- _Exercise_
Exact copy, no pictures: every line from the one that contains "Captured 2.0 seconds past image 1." through the end of the data below, and nothing else.

........

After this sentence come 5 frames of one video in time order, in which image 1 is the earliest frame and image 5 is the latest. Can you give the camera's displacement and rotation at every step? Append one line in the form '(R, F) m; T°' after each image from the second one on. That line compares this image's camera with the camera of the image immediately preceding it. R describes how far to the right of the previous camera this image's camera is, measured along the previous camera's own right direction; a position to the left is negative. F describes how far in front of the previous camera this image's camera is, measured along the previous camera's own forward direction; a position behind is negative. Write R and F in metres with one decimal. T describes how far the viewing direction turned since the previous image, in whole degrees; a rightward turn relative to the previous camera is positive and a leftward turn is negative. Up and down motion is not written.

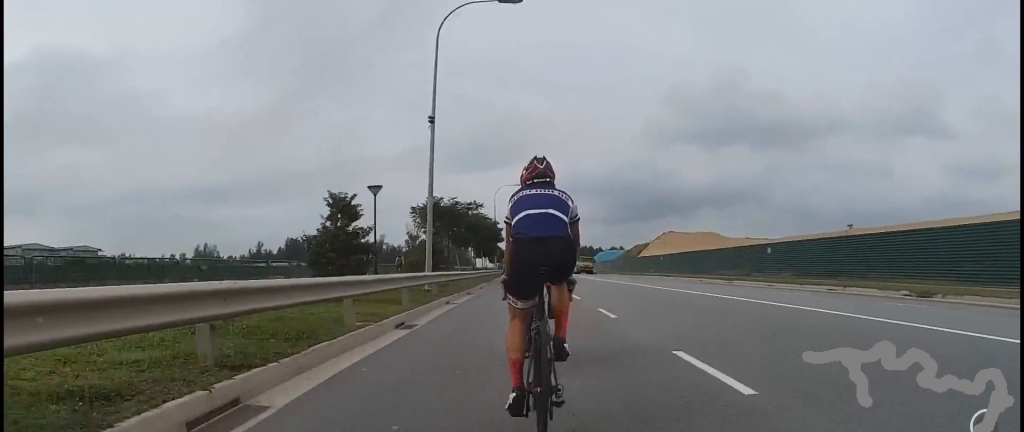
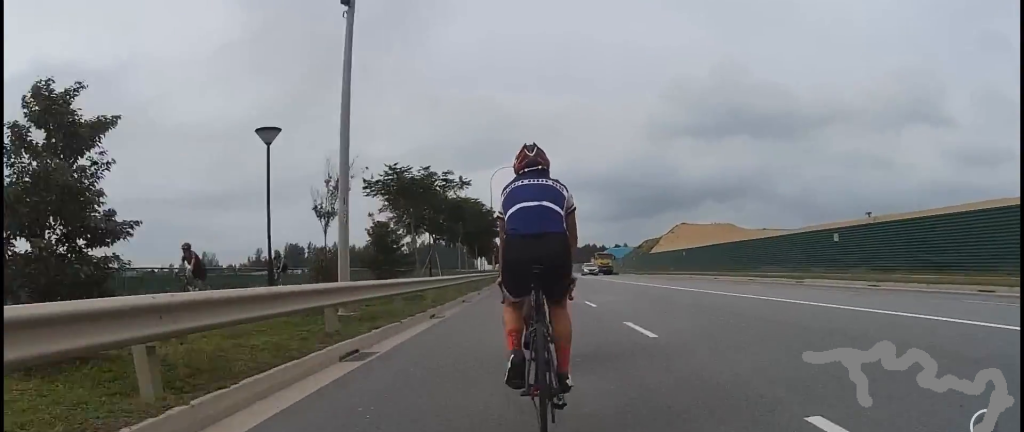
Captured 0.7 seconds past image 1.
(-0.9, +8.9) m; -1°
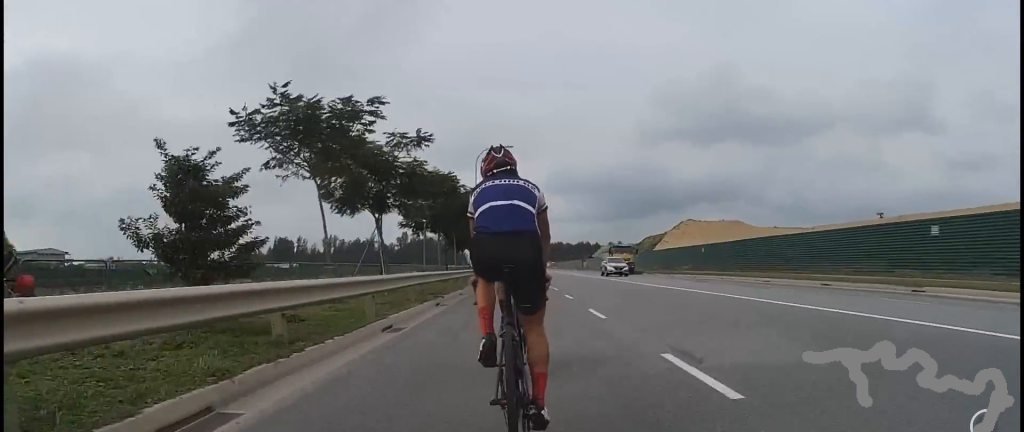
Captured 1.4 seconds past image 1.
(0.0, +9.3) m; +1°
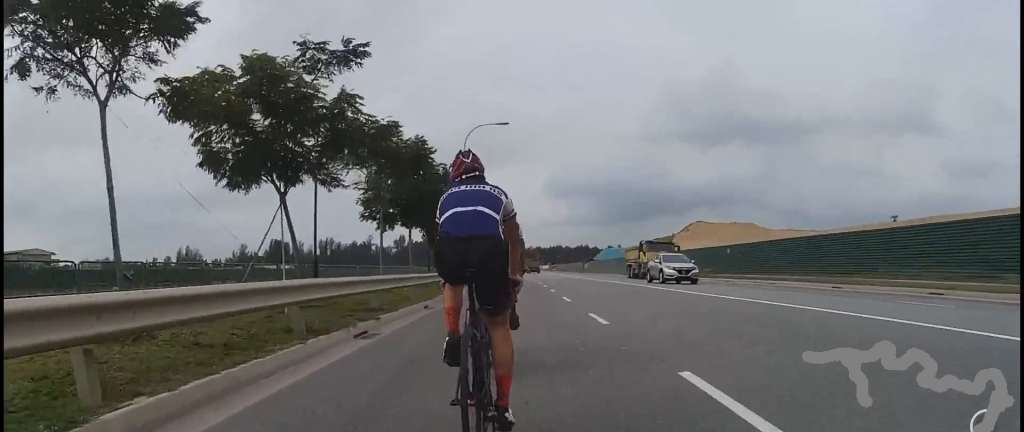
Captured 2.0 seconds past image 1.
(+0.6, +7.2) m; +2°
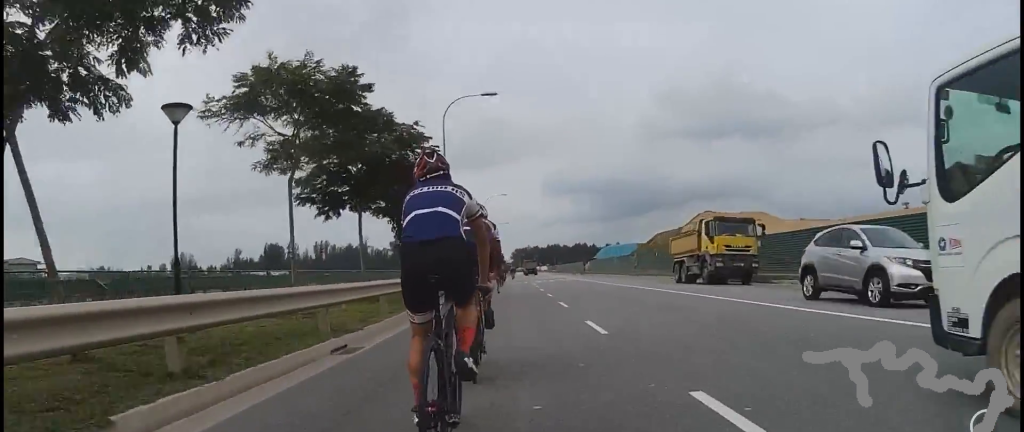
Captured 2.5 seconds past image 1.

........

- _Response below_
Captured 2.0 seconds past image 1.
(+0.6, +7.2) m; +2°
Captured 2.5 seconds past image 1.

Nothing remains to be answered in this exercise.